▸ **Data for the task**
· · ·

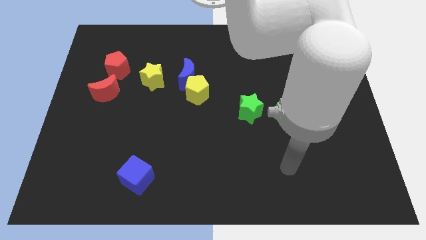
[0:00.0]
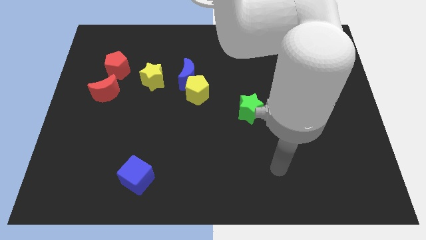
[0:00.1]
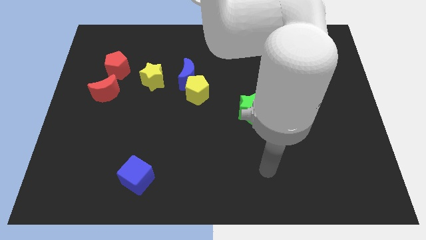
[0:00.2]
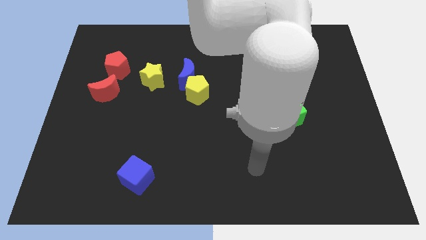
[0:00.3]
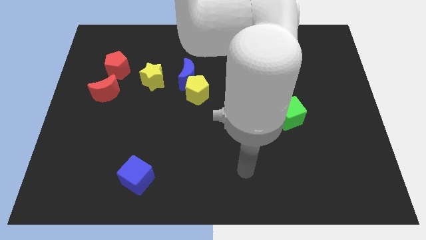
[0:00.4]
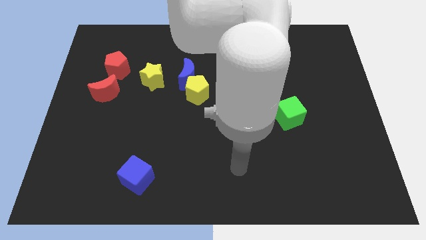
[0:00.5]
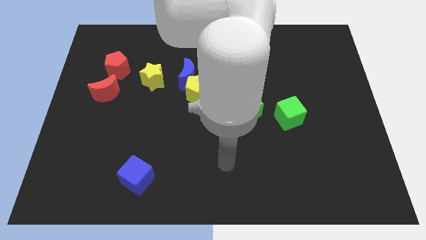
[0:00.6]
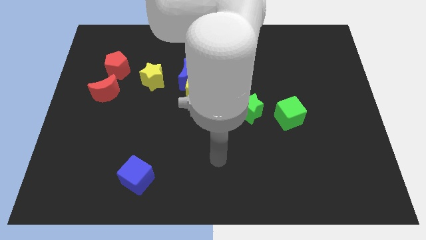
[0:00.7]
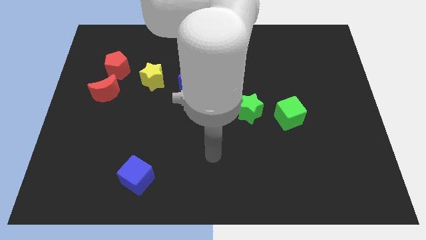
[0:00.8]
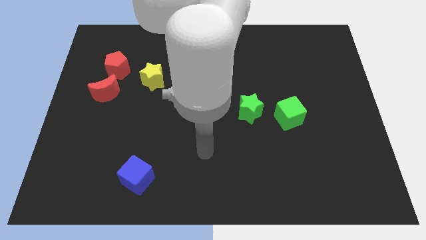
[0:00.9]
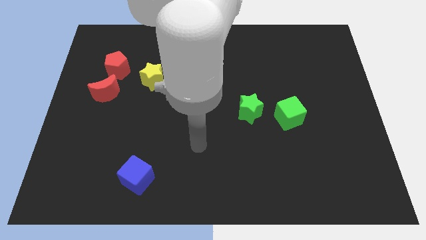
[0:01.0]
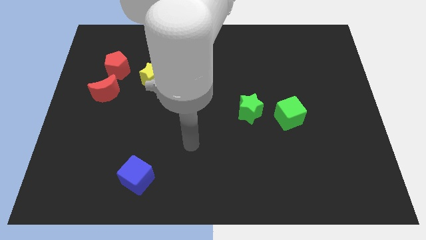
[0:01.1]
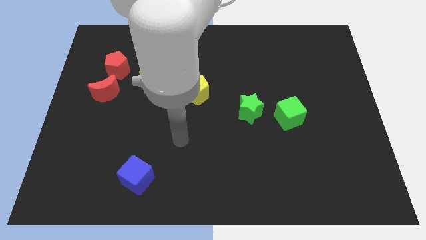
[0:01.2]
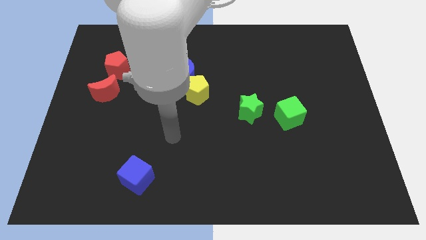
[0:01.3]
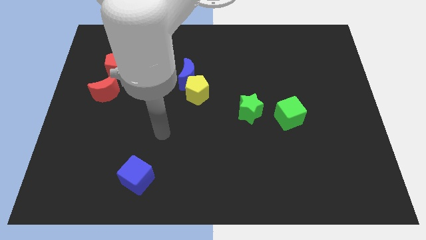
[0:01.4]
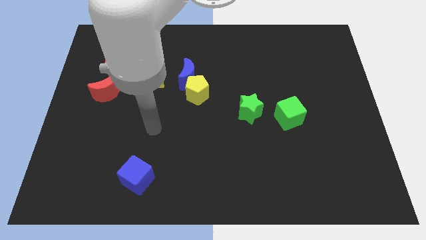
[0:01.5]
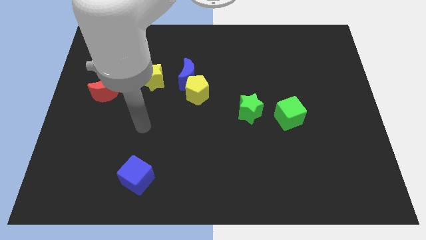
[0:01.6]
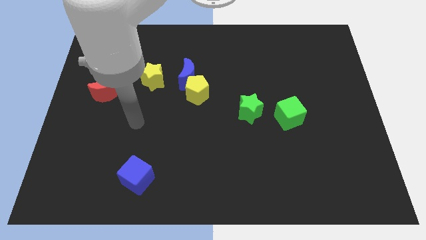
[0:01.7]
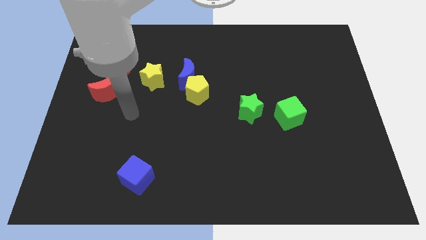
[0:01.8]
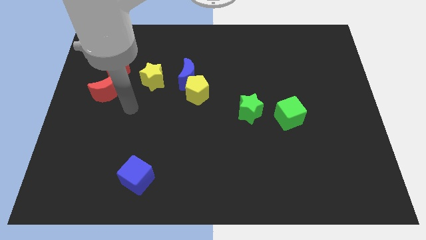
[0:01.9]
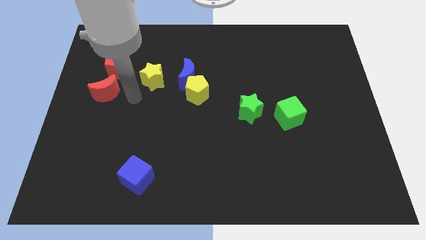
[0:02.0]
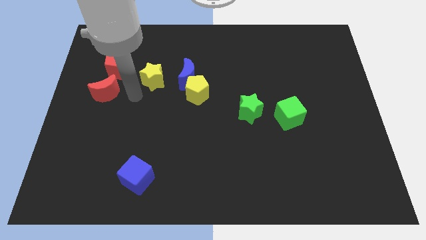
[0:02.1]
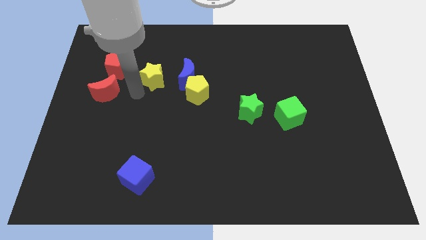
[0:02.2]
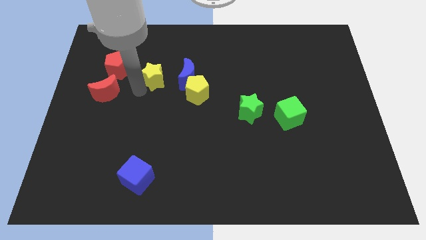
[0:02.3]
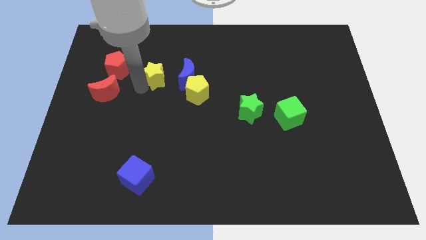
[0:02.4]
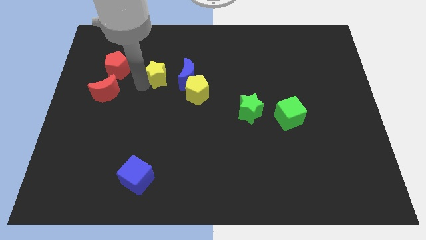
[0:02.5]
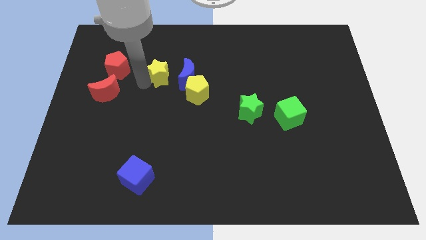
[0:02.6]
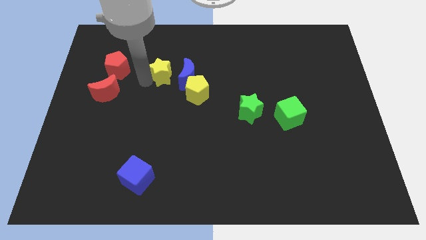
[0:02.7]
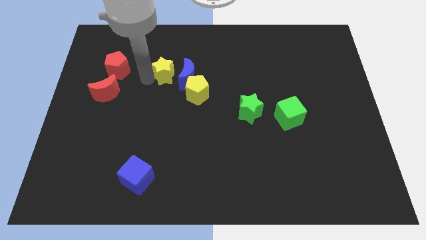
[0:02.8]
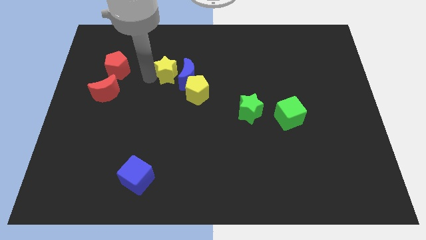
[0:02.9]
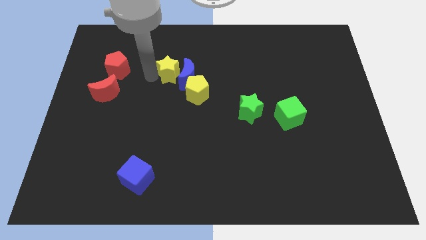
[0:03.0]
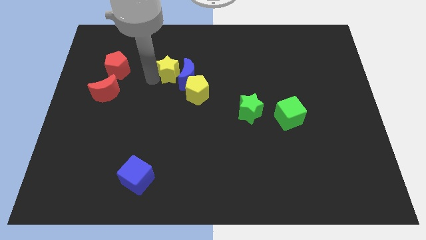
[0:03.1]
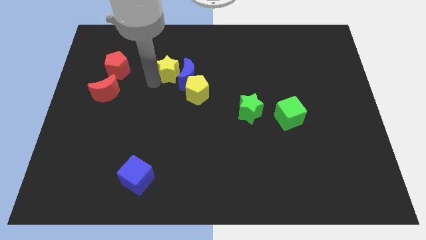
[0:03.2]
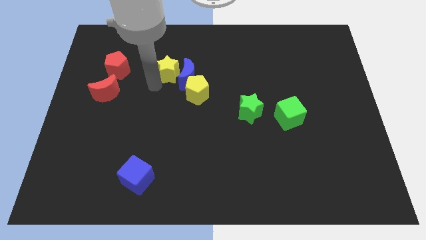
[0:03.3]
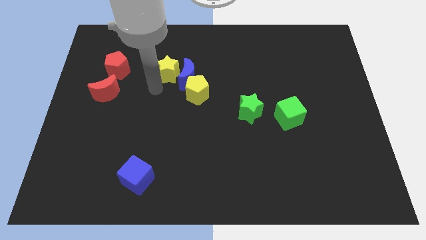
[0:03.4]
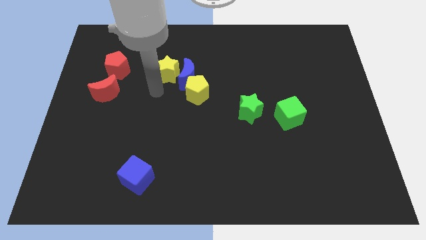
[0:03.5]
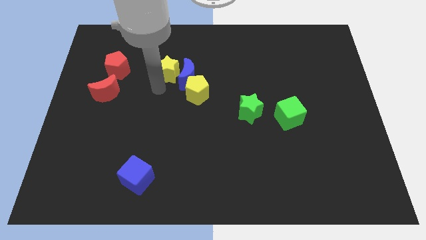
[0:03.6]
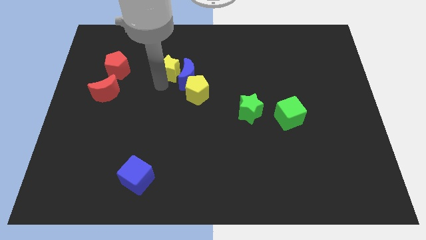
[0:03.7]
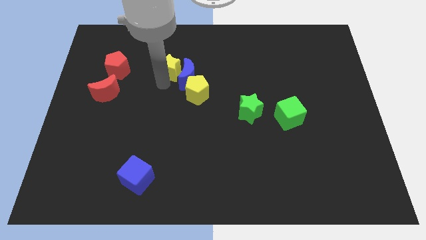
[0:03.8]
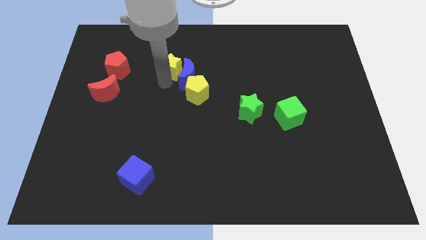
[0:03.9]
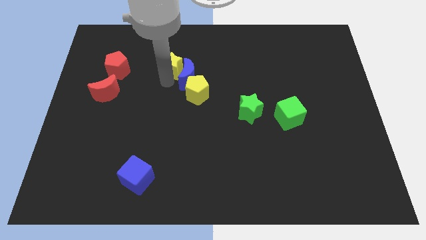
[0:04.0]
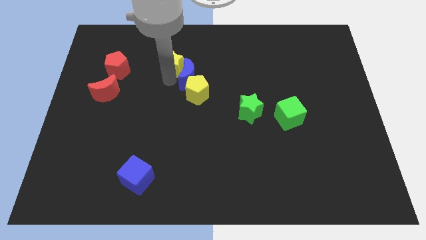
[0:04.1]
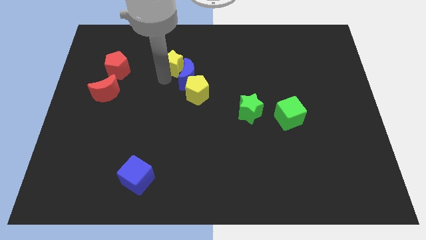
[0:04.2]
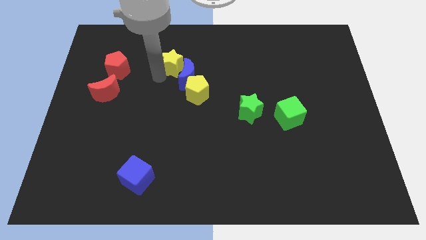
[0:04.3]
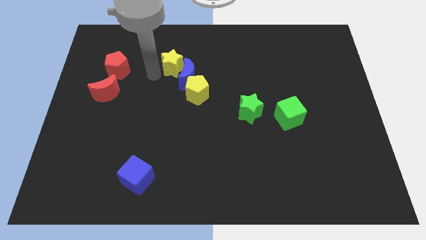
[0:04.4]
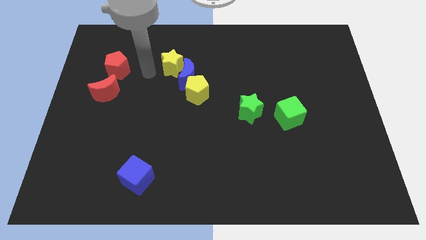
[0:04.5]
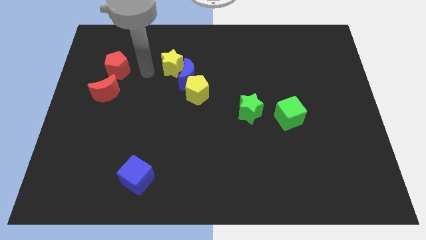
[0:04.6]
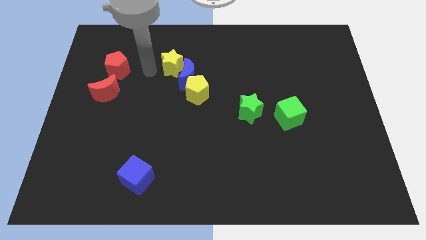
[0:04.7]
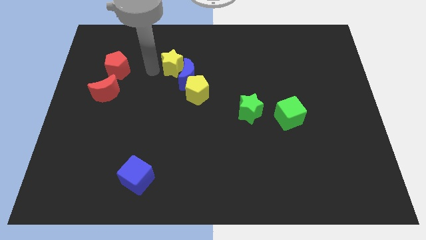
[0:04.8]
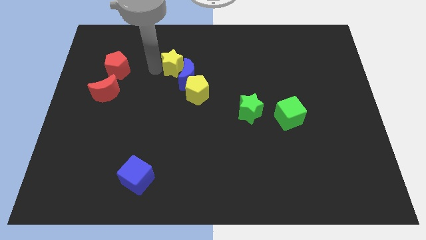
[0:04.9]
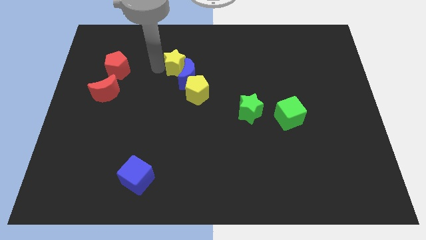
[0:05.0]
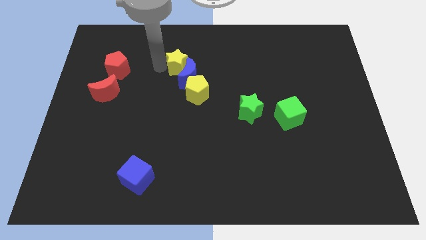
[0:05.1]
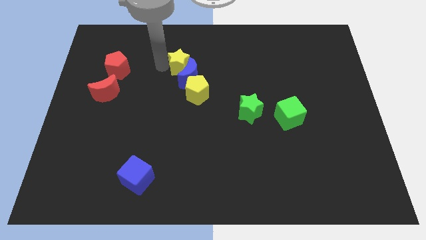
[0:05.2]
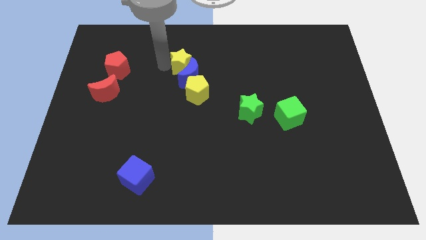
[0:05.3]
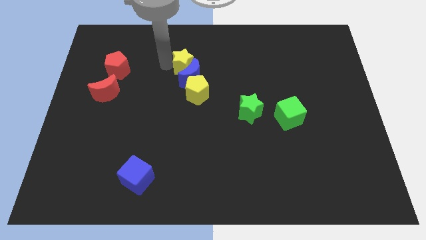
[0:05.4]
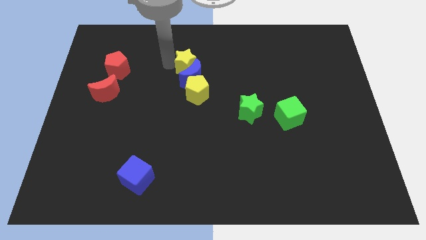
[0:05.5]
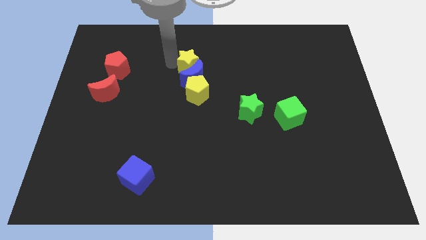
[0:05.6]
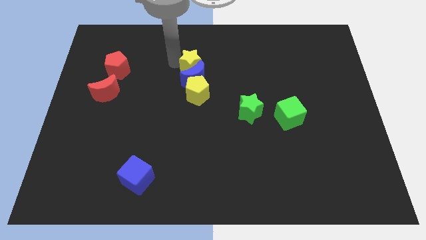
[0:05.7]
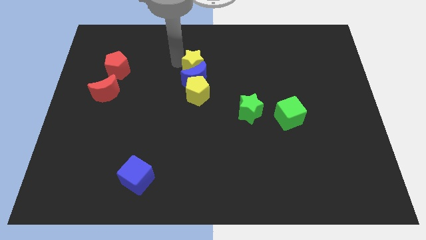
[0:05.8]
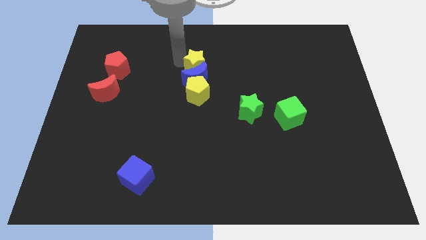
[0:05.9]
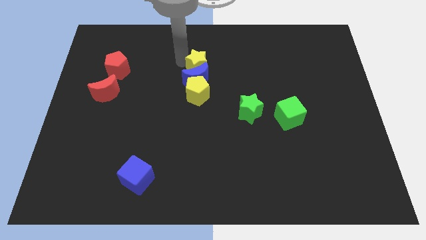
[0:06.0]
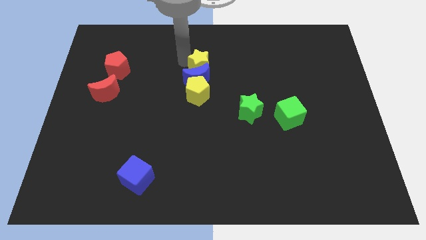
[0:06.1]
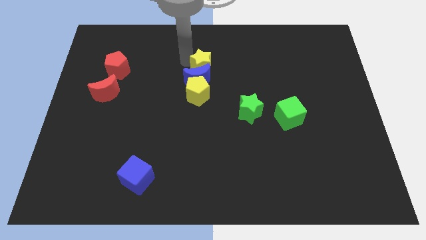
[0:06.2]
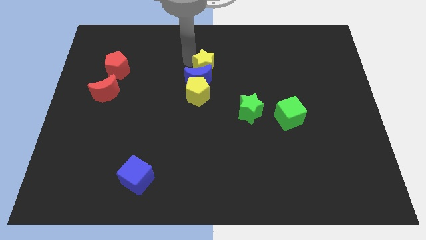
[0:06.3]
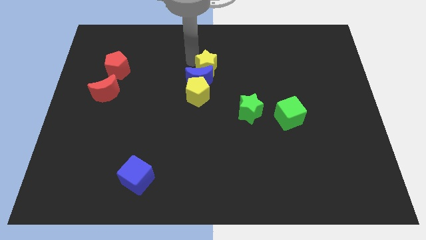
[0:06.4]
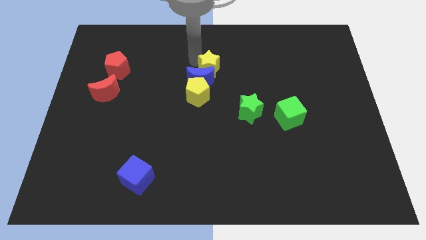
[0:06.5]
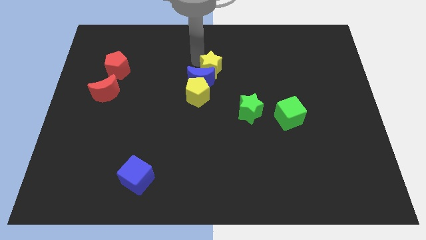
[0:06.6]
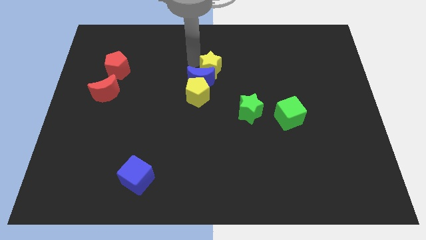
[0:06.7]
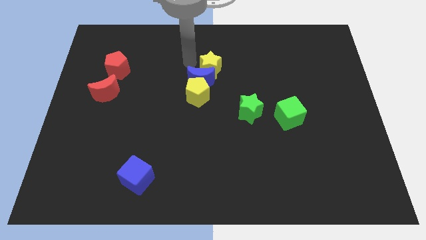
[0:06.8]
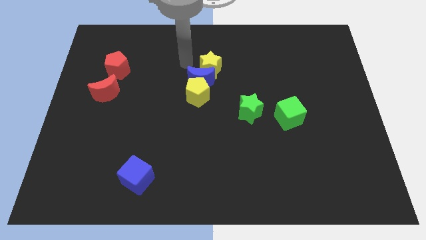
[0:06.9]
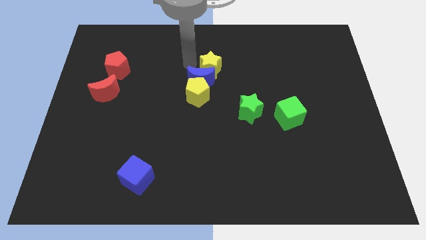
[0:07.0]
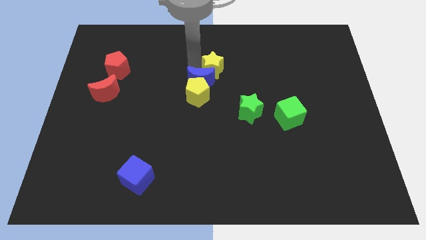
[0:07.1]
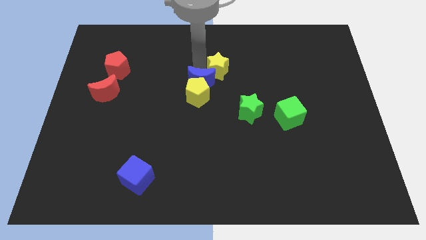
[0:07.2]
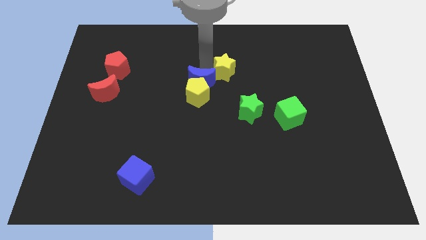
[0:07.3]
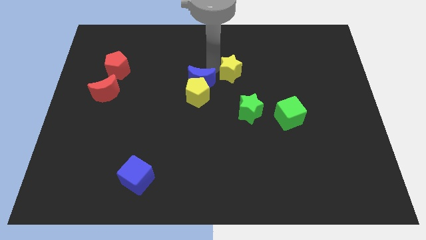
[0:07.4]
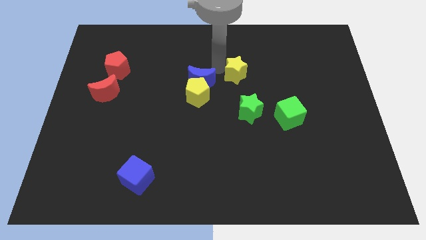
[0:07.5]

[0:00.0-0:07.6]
move the yellow star right

· · ·

▸ **What to do**
The data must be repeated exactly. Any pictures in it are to be left out.

▸ **Result for this exercise**
[0:00.0]
[0:00.1]
[0:00.2]
[0:00.3]
[0:00.4]
[0:00.5]
[0:00.6]
[0:00.7]
[0:00.8]
[0:00.9]
[0:01.0]
[0:01.1]
[0:01.2]
[0:01.3]
[0:01.4]
[0:01.5]
[0:01.6]
[0:01.7]
[0:01.8]
[0:01.9]
[0:02.0]
[0:02.1]
[0:02.2]
[0:02.3]
[0:02.4]
[0:02.5]
[0:02.6]
[0:02.7]
[0:02.8]
[0:02.9]
[0:03.0]
[0:03.1]
[0:03.2]
[0:03.3]
[0:03.4]
[0:03.5]
[0:03.6]
[0:03.7]
[0:03.8]
[0:03.9]
[0:04.0]
[0:04.1]
[0:04.2]
[0:04.3]
[0:04.4]
[0:04.5]
[0:04.6]
[0:04.7]
[0:04.8]
[0:04.9]
[0:05.0]
[0:05.1]
[0:05.2]
[0:05.3]
[0:05.4]
[0:05.5]
[0:05.6]
[0:05.7]
[0:05.8]
[0:05.9]
[0:06.0]
[0:06.1]
[0:06.2]
[0:06.3]
[0:06.4]
[0:06.5]
[0:06.6]
[0:06.7]
[0:06.8]
[0:06.9]
[0:07.0]
[0:07.1]
[0:07.2]
[0:07.3]
[0:07.4]
[0:07.5]

[0:00.0-0:07.6]
move the yellow star right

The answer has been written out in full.